Last updated: Sun 5 Apr 2015, 9:33 PM

Hotels in the Middle East did post a 17.5 per cent decline in revenue per available room, or revPAR, to $132, in the first six months of this year up to June 30. But this was significantly lower to the dip suffered by hotels in several other regions in the world, the study shows. Hotels in the Middle East could also register the highest global levels of 63 per cent both in terms of occupancy and average room rates in the period, though this was lower than the last year’s levels.

Interestingly, despite this year’s drop, Dubai has retained its double-digit revPAR growth for the fifth consecutive year, and has managed to grow its average room rates year-on-year despite the influx of supply entering the market every year. The emirate demands the second highest revPAR in the region after Abu Dhabi, and the fourth highest revPAR in the world. Abu Dhabi on the other side posted a revPAR growth of 6.9 per cent.

The study was conducted by industry consultants Deloitte relying on the data provided by the Smith Travel Research, considered to be the leader of global hotel benchmarking.

Beirut achieved the strongest revPAR growth, not only in the Middle East, but also worldwide, up a staggering 124.4 per cent to $117. “Increased political stability helped the city’s hoteliers increase occupancy by 72.1 per cent to reach 66.9 per cent, while average room rates grew 30.3 per cent to $175,” the study report said quoting Rob O’Hanlon, Tourism, Hotel and Leisure partner at Deloitte in the Middle East

Amman posted a revPAR growth of 3.2 per cent while Jeddah could achieve 20.4 per cent growth.
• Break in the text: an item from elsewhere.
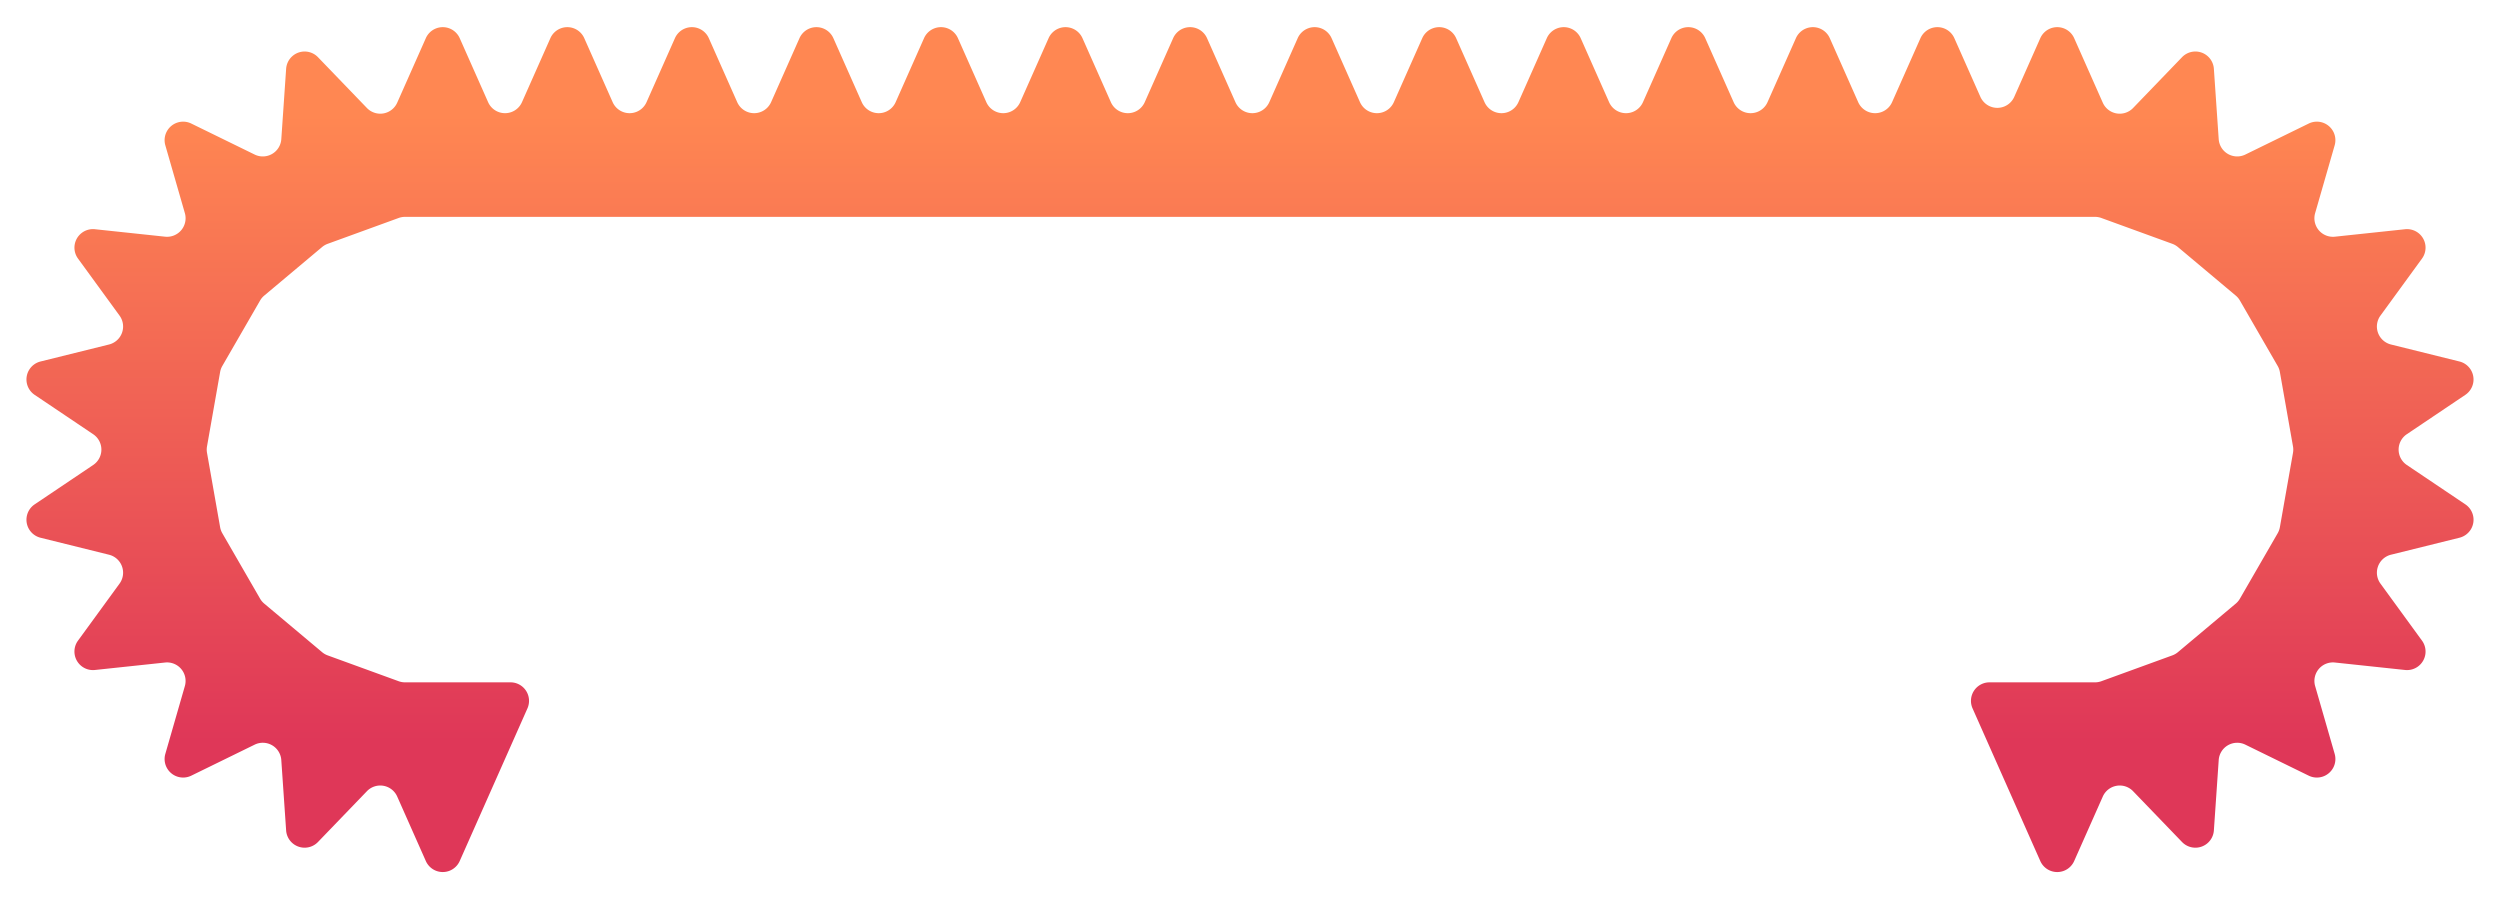 <?xml version="1.0" encoding="UTF-8"?> <svg xmlns="http://www.w3.org/2000/svg" xmlns:xlink="http://www.w3.org/1999/xlink" id="Layer_3" data-name="Layer 3" width="1092.707" height="393.026" viewBox="0 0 1092.707 393.026"> <defs> <style>.cls-1{fill:url(#linear-gradient);}</style> <linearGradient id="linear-gradient" x1="546.353" y1="50.492" x2="546.353" y2="324.409" gradientUnits="userSpaceOnUse"> <stop offset="0" stop-color="#ff8752"></stop> <stop offset="1" stop-color="#df3758"></stop> </linearGradient> </defs> <title>shining</title> <path class="cls-1" d="M1051.972,189.792l25.589-17.214A8.1,8.1,0,0,0,1074.99,158l-29.934-7.425a8.1,8.1,0,0,1-4.6-12.631l18.159-24.928a8.1,8.1,0,0,0-7.4-12.824l-30.668,3.261a8.1,8.1,0,0,1-8.64-10.3l8.537-29.636A8.1,8.1,0,0,0,1009.1,54L981.4,67.551a8.1,8.1,0,0,1-11.641-6.721l-2.114-30.768A8.1,8.1,0,0,0,953.727,25l-21.4,22.212a8.1,8.1,0,0,1-13.238-2.334L906.583,16.684a8.1,8.1,0,0,0-14.808,0L880.4,42.326a8.1,8.1,0,0,1-14.808,0L854.211,16.684a8.1,8.1,0,0,0-14.808,0L826.991,44.655a8.1,8.1,0,0,1-14.808,0L799.771,16.684a8.1,8.1,0,0,0-14.808,0L772.551,44.655a8.1,8.1,0,0,1-14.808,0L745.331,16.684a8.1,8.1,0,0,0-14.808,0L718.111,44.655a8.1,8.1,0,0,1-14.808,0L690.891,16.684a8.1,8.1,0,0,0-14.808,0L663.671,44.655a8.1,8.1,0,0,1-14.808,0L636.451,16.684a8.1,8.1,0,0,0-14.808,0L609.231,44.655a8.1,8.1,0,0,1-14.808,0L582.011,16.684a8.1,8.1,0,0,0-14.808,0L554.791,44.655a8.1,8.1,0,0,1-14.808,0L527.571,16.684a8.1,8.1,0,0,0-14.808,0L500.351,44.655a8.1,8.1,0,0,1-14.808,0L473.131,16.684a8.1,8.1,0,0,0-14.808,0L445.911,44.655a8.1,8.1,0,0,1-14.808,0L418.691,16.684a8.1,8.1,0,0,0-14.808,0L391.471,44.655a8.1,8.1,0,0,1-14.808,0L364.251,16.684a8.1,8.1,0,0,0-14.807,0L337.031,44.655a8.1,8.1,0,0,1-14.808,0L309.811,16.684a8.1,8.1,0,0,0-14.807,0L282.591,44.655a8.1,8.1,0,0,1-14.808,0L255.371,16.684a8.1,8.1,0,0,0-14.807,0L228.151,44.655a8.1,8.1,0,0,1-14.807,0l-12.413-27.97a8.1,8.1,0,0,0-14.807,0l-12.51,28.191a8.1,8.1,0,0,1-13.237,2.334L138.98,25a8.1,8.1,0,0,0-13.915,5.065L122.952,60.83a8.1,8.1,0,0,1-11.641,6.721L83.607,54a8.1,8.1,0,0,0-11.343,9.518L80.8,93.151a8.1,8.1,0,0,1-8.64,10.3l-30.667-3.261a8.1,8.1,0,0,0-7.4,12.824l18.158,24.928a8.1,8.1,0,0,1-4.6,12.631L17.717,158a8.1,8.1,0,0,0-2.572,14.583l25.59,17.214a8.1,8.1,0,0,1,0,13.442l-25.59,17.214a8.1,8.1,0,0,0,2.572,14.583l29.934,7.424a8.1,8.1,0,0,1,4.6,12.631L34.09,280.015a8.1,8.1,0,0,0,7.4,12.824l30.667-3.261a8.1,8.1,0,0,1,8.64,10.3L72.264,329.51a8.1,8.1,0,0,0,11.343,9.519l27.7-13.554a8.1,8.1,0,0,1,11.641,6.721l2.113,30.768a8.1,8.1,0,0,0,13.915,5.065l21.4-22.212a8.1,8.1,0,0,1,13.237,2.334l12.51,28.19a8.1,8.1,0,0,0,14.807,0l29.606-66.716a8.1,8.1,0,0,0-7.4-11.386H177.018a8.1,8.1,0,0,1-2.77-.488l-31.026-11.293a8.09,8.09,0,0,1-2.436-1.406l-25.294-21.224a8.09,8.09,0,0,1-1.808-2.155L97.175,233.079a8.1,8.1,0,0,1-.962-2.644L90.48,197.919a8.1,8.1,0,0,1,0-2.813l5.733-32.516a8.108,8.108,0,0,1,.962-2.643l16.509-28.594a8.09,8.09,0,0,1,1.808-2.155l25.294-21.224a8.09,8.09,0,0,1,2.436-1.406l31.026-11.293a8.1,8.1,0,0,1,2.77-.488h738.67a8.107,8.107,0,0,1,2.771.488l31.026,11.293a8.1,8.1,0,0,1,2.436,1.406L977.214,129.2a8.071,8.071,0,0,1,1.808,2.155l16.509,28.594a8.085,8.085,0,0,1,.962,2.643l5.734,32.516a8.1,8.1,0,0,1,0,2.813l-5.734,32.516a8.082,8.082,0,0,1-.962,2.644l-16.509,28.594a8.071,8.071,0,0,1-1.808,2.155l-25.293,21.224a8.1,8.1,0,0,1-2.436,1.406l-31.026,11.293a8.107,8.107,0,0,1-2.771.488H869.573a8.1,8.1,0,0,0-7.4,11.386l29.606,66.716a8.1,8.1,0,0,0,14.808,0l12.509-28.19a8.1,8.1,0,0,1,13.238-2.334l21.4,22.212a8.1,8.1,0,0,0,13.914-5.065l2.114-30.768a8.1,8.1,0,0,1,11.641-6.721l27.7,13.554a8.1,8.1,0,0,0,11.343-9.518l-8.537-29.637a8.1,8.1,0,0,1,8.64-10.3l30.668,3.261a8.1,8.1,0,0,0,7.4-12.824l-18.159-24.929a8.1,8.1,0,0,1,4.6-12.631l29.934-7.424a8.1,8.1,0,0,0,2.571-14.583l-25.589-17.214A8.1,8.1,0,0,1,1051.972,189.792Z"></path> </svg>

On the flip side, the Middle East cities Riyadh, Muscat, and Cairo reported declines in revPAR during the period.

Globally, hotels in almost all the regions reported a double-digit revPAR declines in excess of 15 per cent, on an average, in the period.

The worst-affected were the hotels in Europe, with revPAR falling 31.3pc to $75. However, in Euros negative growth was less severe, falling 20.8 per cent to €55. North America followed closely behind the Middle East, with revPAR falling 19.3 per cent.

The region achieved the lowest revPAR in the world at $54, driven almost equally by declines in occupancy and average room rates. “At the half-year stage, it is not surprising that hoteliers around the world are feeling the heat. This time last year, we could not have predicted that hotel performance would have been as severely affected as it has been. The global economic crisis has hit businesses and consumers hard in all corners of the globe and, as they tighten their travel budgets, the travel and tourism industry, in turn, has suffered. This has resulted in suppressed demand and more vacant hotel rooms around the world,” the study report said quoting Alex Kyriakidis, the head of the tourism, hospitality and leisure division of Deloitte Global.